Por otro lado, está el encorsetamiento al que están sometidos. Una nueva escuela no puede instalarse en determinados edificios magníficos, porque los parámetros de construcción prevén espacios homologados e uniformes en todo el territorio, con tantos metros de aulas y tantos de patio, sin excepciones. Eso deja fuera edificios con alma que tendrían un uso, pero que no se adaptan a los cánones de la “modernidad”.
Luego está la posibilidad de darles usos privados, o privativos, pero aquí de nuevo se antoja muy difícil que determinada parte de la sociedad acepte que esa masía se convierta en un co-working, y no en el ansiado (sólo por ellos) casal de la gente mayor del barrio.
En materia de patrimonio, el uno por el otro y la casa sin barrer. Al inicio de la democracia, se recuperaron fábricas para que fueran bibliotecas, masías para que fueran centros cívicos, y casas coloniales para que fueran oficinas municipales. Con éxito. Pasados los años, agotados los presupuestos, vistos los resultados en algunos casos, seguir invirtiendo para crear nuevos servicios municipales no parece que sea necesario. Porque más o menos, en el ámbito metropolitano, hasta el más pequeño tiene su equipamiento en su patrimonio recuperado. Haría falta un gran acuerdo para flexibilizar usos, permitir concesiones, y escuchar al mercado. O a la sociedad entera, si lo prefieren. La “entera” es la que podría ofrecer viviendas compartidas, co-workings públicos, espacios para eventos, o formación no reglada. Por el contrario, escuchar a la que no es entera, nos arrastra a posiciones maximalistas donde nada es bueno, suficiente, o útil si no es otro centro para mayores, una guardería en el barrio donde no hay niños, o un mercado de abastos allí donde nadie lo usa.

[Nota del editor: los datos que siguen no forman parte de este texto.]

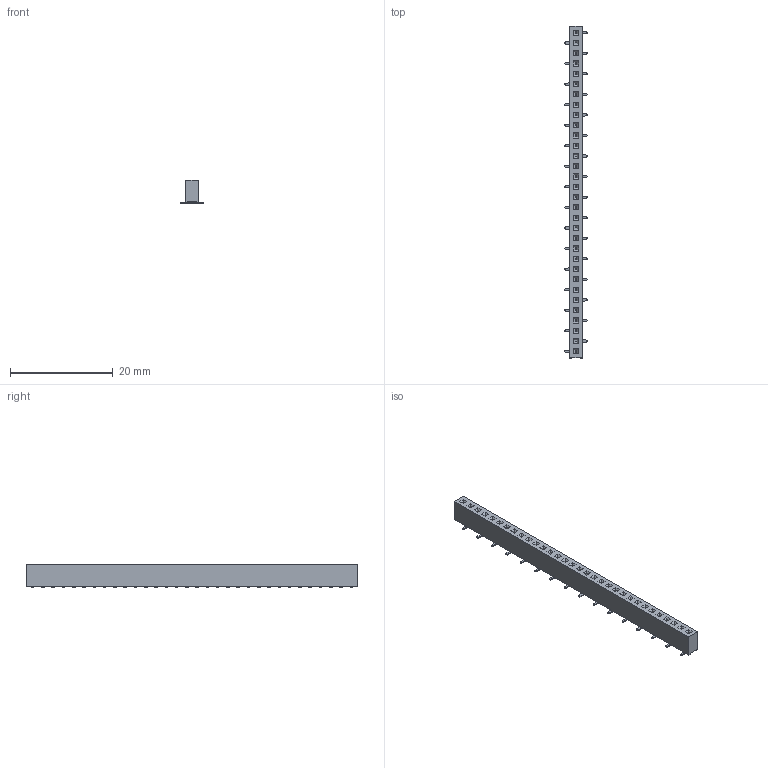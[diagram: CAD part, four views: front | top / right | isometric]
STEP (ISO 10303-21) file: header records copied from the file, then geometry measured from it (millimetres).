
FILE_DESCRIPTION(/* description */ ('model of PinSocket_1x32_P2.00mm_Vertical_SMD_Pin1Right'),/* implementation_level */ '2;1');
FILE_NAME(/* name */ 'PinSocket_1x32_P2.00mm_Vertical_SMD_Pin1Right.step',/* time_stamp */ '2017-11-27T04:24:27',/* author */ ('Terje Io','https://github.com/terjeio'),/* organization */ ('FreeCAD'),/* preprocessor_version */ 'OCC',/* originating_system */ 'kicad StepUp',/* authorisation */ '');
FILE_SCHEMA(('AUTOMOTIVE_DESIGN_CC2 { 1 2 10303 214 -1 1 5 4 }'));
Length unit declared in the file: millimetre
Products named in the file (1): PinSocket_1x32_P200mm_Vertical_SMD_Pin1Right
Bounding box: 4.3 x 64.6 x 4.6 mm (x, y, z)
Volume: 651.3 mm3; surface area: 1266.9 mm2
Topology: 1 solids, 1 shells, 1130 faces, 2840 edges, 1808 vertices
Faces by surface type: plane 1034, cylinder 96
Entity records: 21618 total; most frequent: ORIENTED_EDGE 4644, EDGE_CURVE 2840, CARTESIAN_POINT 2675, LINE 2518, VERTEX_POINT 1808, FACE_BOUND 1226, EDGE_LOOP 1226, AXIS2_PLACEMENT_3D 1130

Si en mi ciudad, e imagino que en otras, pudiéramos ser flexibles, habría nuevas escuelas en viejos edificios, co-workings públicos en casas señoriales, y viviendas compartidas en masías céntricas. Pero la flexibilidad la deben adoptar como criterio las administraciones superiores. Solo ellas pueden crear un plan que consista en que no haya plan, y sí un solo objetivo: que el patrimonio público no caiga.